The Cleveland Grotto,
chartered in 1945, is the oldest continuously active branch of the National
Speleological Society. The range of experience of the grotto's members varies
from beginner to 30-year veteran.
Several times a year, the
team of amateur cavers heads out to regions of surrounding states, such as the
Carter Caves in Kentucky, that are rich in karst - areas of irregular limestone
in which erosion has carved fissures, sinkholes, underground streams and
caverns. In the depths of these geological marvels, grotto members practice
their caving skills, pushing to the cave's and their own limits.
"It's the physical
challenge that keeps me going," says Alan Looney, who holds dual membership
in the Cleveland Grotto and the Ohio Cavers and Climbers Club. "Your body
knows it when you've been on a good caving trip. It's just amazing."
The passage through the
muddy stream narrows so incrementally our team hardly notices until we resort to
scrambling on our bellies clawing at rocks and wedging our mud-logged boots in
the crevasses of break- down. My coveralls, saturated after trudging through the
waist- deep stream, weigh down each step as I struggle to keep pace with the
group. My sopping wool socks feel like gel insoles but are freezing my toes
nearly to the point of immobility.
The hard hats that
protected our noggins from numerous brain-rattling blows suddenly seem
cumbersome as we turn our heads sideways to fit through the passage. For a
moment, my knee is jammed flanked by the layers of rock I'd been crawling
between. We've heard tales of cavers getting stuck, panicking and cutting
clothes from their body to slide out from between the rock. I jostle myself
loose, ward off that paralyzing fear that is always only a few steps behind: the
fear of a cave-in or a flash flood.
Don't forget
your limits
Caving is not a sport for
the ill- equipped or the claustrophobic. When the underground world grants
passage, a caver must be psychologically, physically and technologically
prepared to accept the invitation.
Often, a caver will be
required to spend long periods of time crawling on knees or belly and might have
to squeeze his or her body through tight spaces. Anyone who can endure a fairly
rigorous off-trail hike can handle a cave, say grotto members. But all cavers
should be honest with themselves and their group about their limitations.
"Don't tell the guide
that you hike 12 miles a day when you don't," says grotto member Joe
Marchese. "Because if you get 40 feet into the cave and you're short of
breath, the guide's going to regret taking you."
Although the Cleveland
Grotto welcomes novice cavers, a contingent of the grotto focuses on more
advanced technique, including vertical caving. Through the use of static ropes,
harnesses and ascending devices, cavers can explore chasms thousands of feet
deep.
Some grotto members held
regular vertical practices in gymnasiums and climbing gyms in preparation for an
early March caving trip to Sotano de las Go landrinas (Cellar of the Swallows)

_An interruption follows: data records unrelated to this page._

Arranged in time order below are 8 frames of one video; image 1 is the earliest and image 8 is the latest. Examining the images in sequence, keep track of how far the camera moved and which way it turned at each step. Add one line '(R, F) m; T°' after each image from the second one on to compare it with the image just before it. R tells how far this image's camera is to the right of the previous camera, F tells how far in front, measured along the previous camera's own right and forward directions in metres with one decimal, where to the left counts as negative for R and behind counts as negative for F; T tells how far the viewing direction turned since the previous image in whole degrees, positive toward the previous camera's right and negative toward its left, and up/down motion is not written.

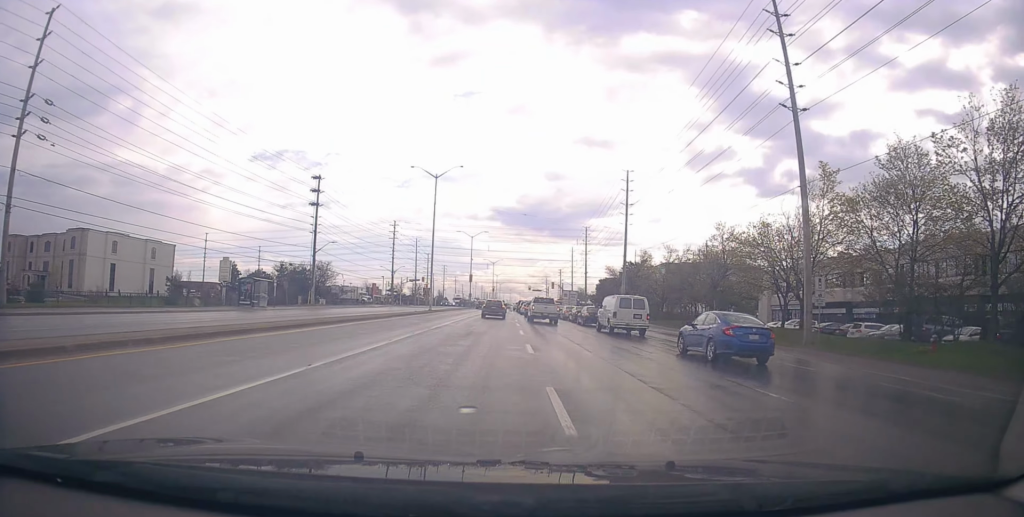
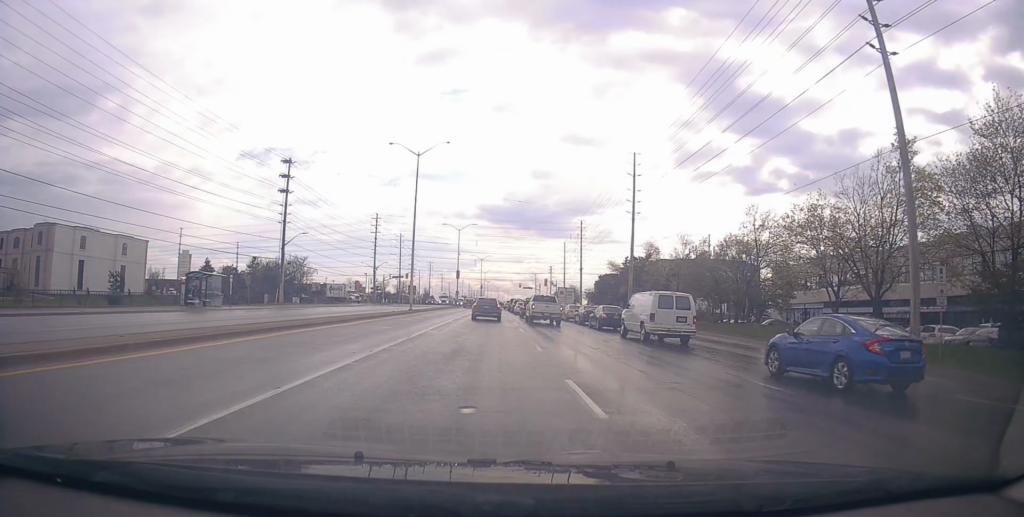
(-0.2, +8.8) m; 0°
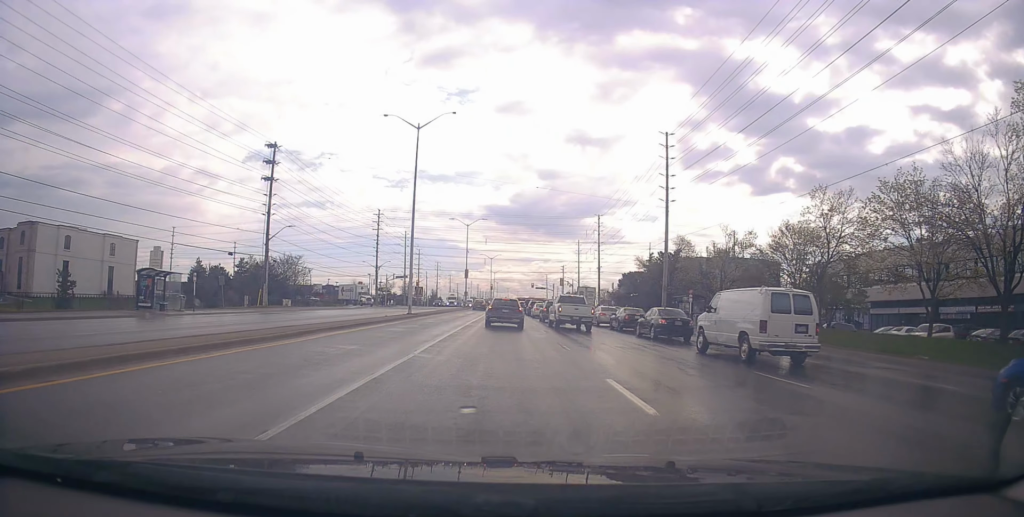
(+0.1, +8.6) m; 0°
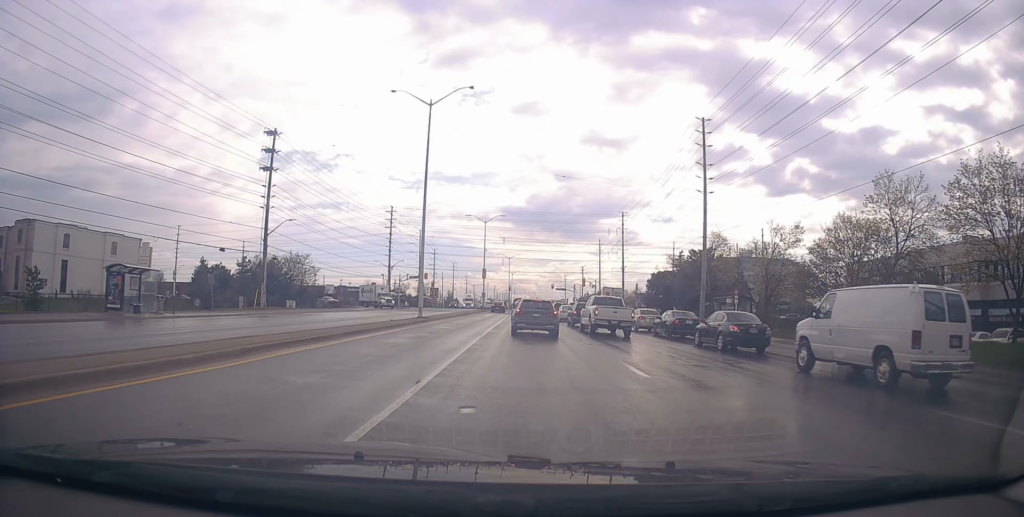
(+0.1, +5.5) m; 0°
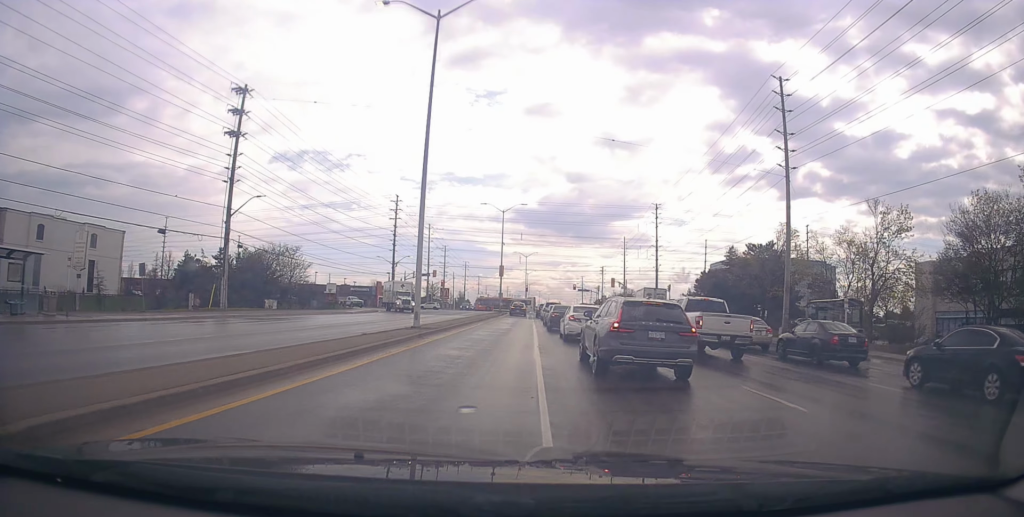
(-0.1, +12.2) m; 0°
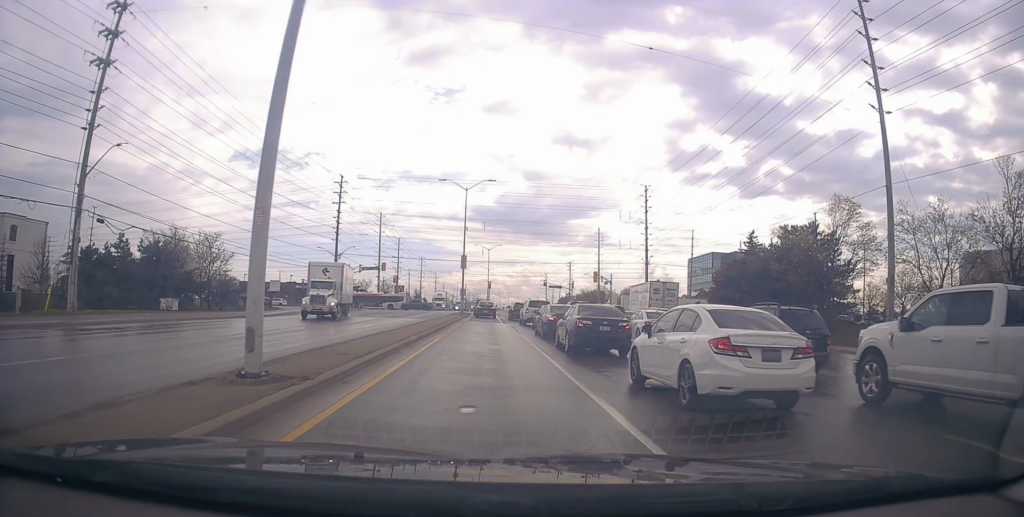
(-0.1, +14.5) m; 0°
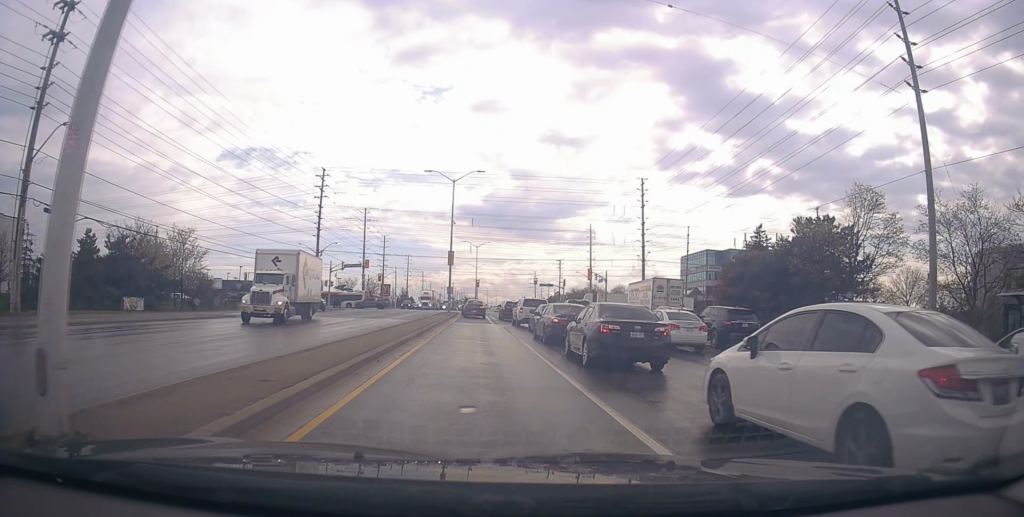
(+0.1, +4.0) m; +2°
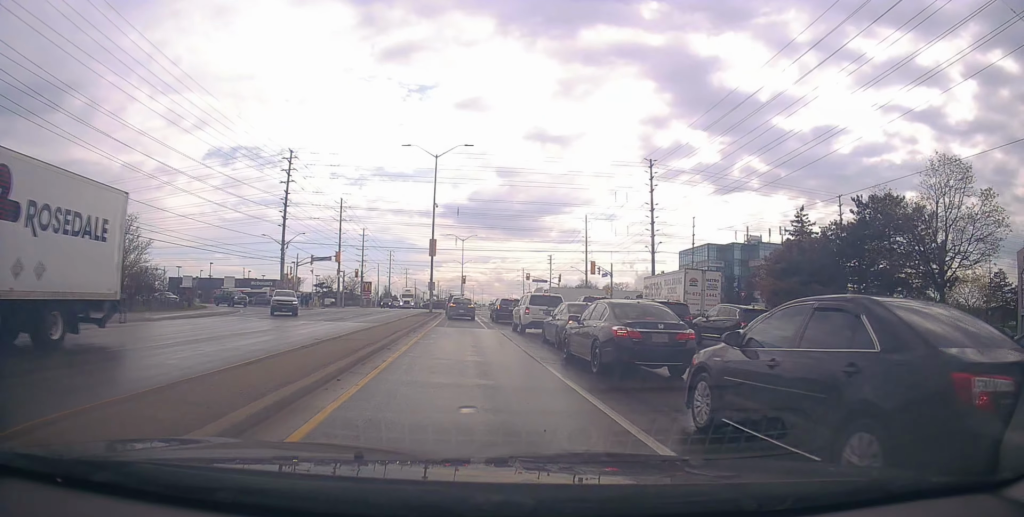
(+0.3, +9.1) m; +3°

in Mexico, during which the team's longest descent will be about 1,200 feet.
During practice, the team took turns ascending a rope strung through a pulley
attached to a 25-foot-high ceiling and rehearsed the knots and midair equipment
adjustments required of a proficient vertical caver.

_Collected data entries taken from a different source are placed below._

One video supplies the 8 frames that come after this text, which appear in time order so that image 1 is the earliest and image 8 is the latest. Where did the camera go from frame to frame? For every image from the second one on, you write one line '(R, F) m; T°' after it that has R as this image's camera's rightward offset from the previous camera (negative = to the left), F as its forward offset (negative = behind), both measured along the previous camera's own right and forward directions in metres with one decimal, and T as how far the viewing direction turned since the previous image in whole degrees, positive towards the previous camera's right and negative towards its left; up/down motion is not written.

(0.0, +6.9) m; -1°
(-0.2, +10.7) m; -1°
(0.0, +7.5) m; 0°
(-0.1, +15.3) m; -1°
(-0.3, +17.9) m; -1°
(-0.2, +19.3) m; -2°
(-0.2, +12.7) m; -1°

After about 30 years in the
sport, grotto chairwoman Cynthia Norris is considered one of the most
experienced cavers in Northeast Ohio and an authority on vertical technique.
"It's really dangerous
to pick up bad habits while learning vertical caving," says Norris, a
firefighter medic for the city of Canton.
"When we get to a
certain level, it's easy to become careless, to forget our limits, and the
consequences of that could be death."
The National Speleological
Society, which boasts a membership of more than 12,000 cavers worldwide,
reported 35 caving incidents in 2001, including 15 injuries and five fatalities.
With the exception of a reported heart attack, the fatalities were largely the
results of carelessness or inadequate equipment.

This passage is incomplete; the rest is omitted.